The records that follow are to be reproduced exactly. Any pictures in them are left out.
--- DATA PROVIDED ---
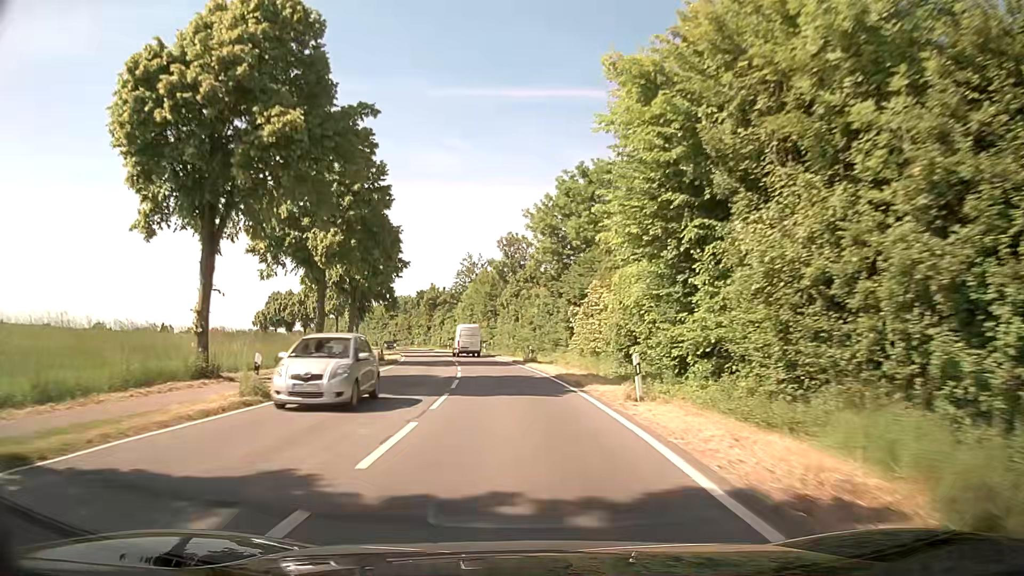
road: secondary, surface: asphalt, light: Day
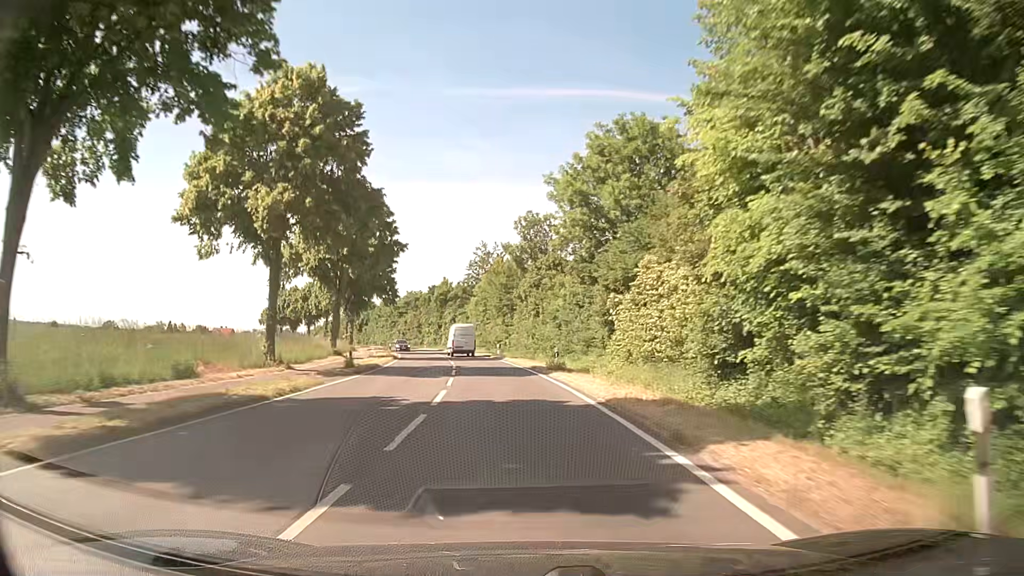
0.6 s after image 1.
(-0.2, +11.3) m; -1°
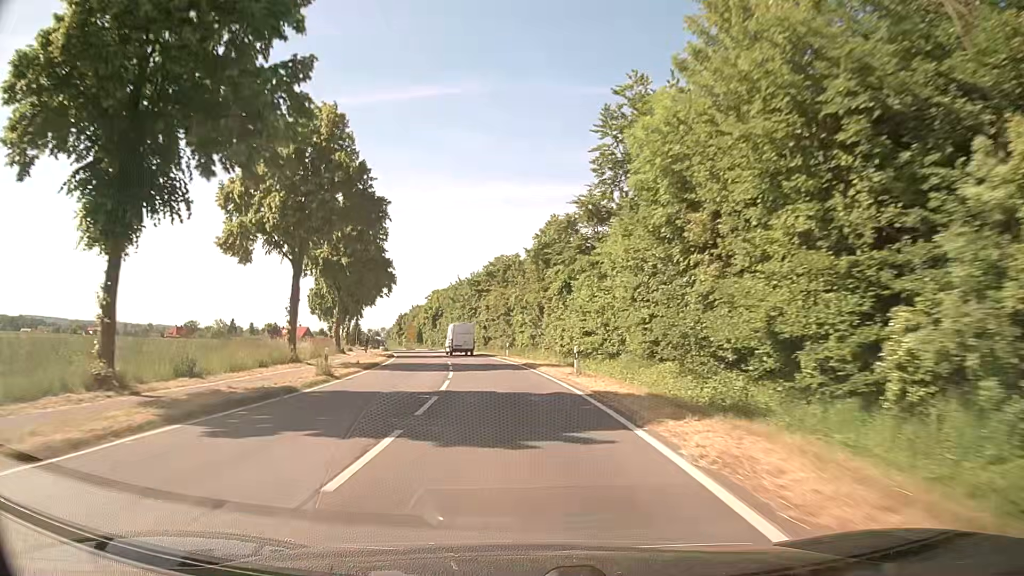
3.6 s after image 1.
(-5.1, +56.9) m; -11°
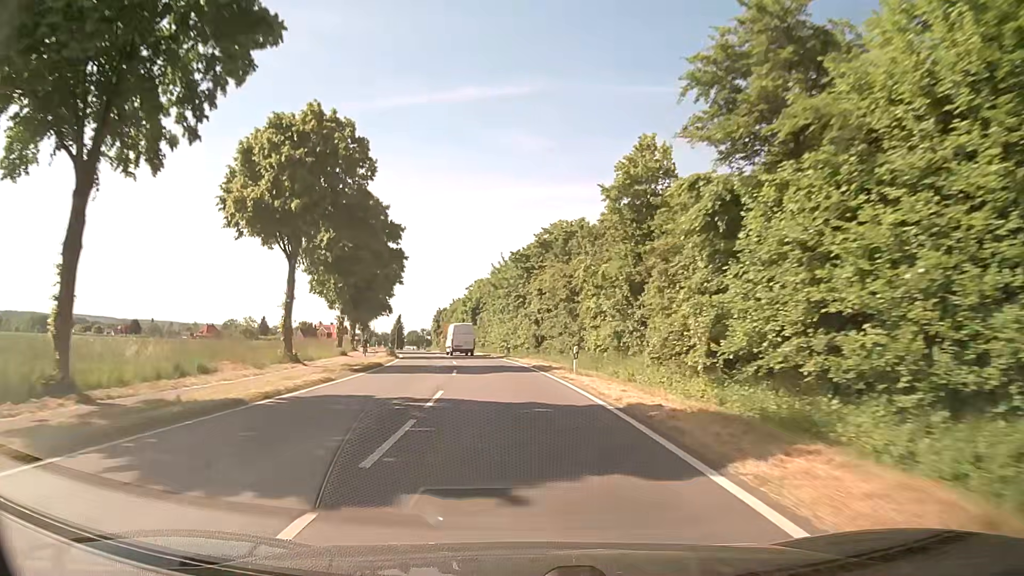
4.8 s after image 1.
(-0.8, +23.1) m; -5°
---
* ANSWER:
road: secondary, surface: asphalt, light: Day
0.6 s after image 1.
(-0.2, +11.3) m; -1°
3.6 s after image 1.
(-5.1, +56.9) m; -11°
4.8 s after image 1.
(-0.8, +23.1) m; -5°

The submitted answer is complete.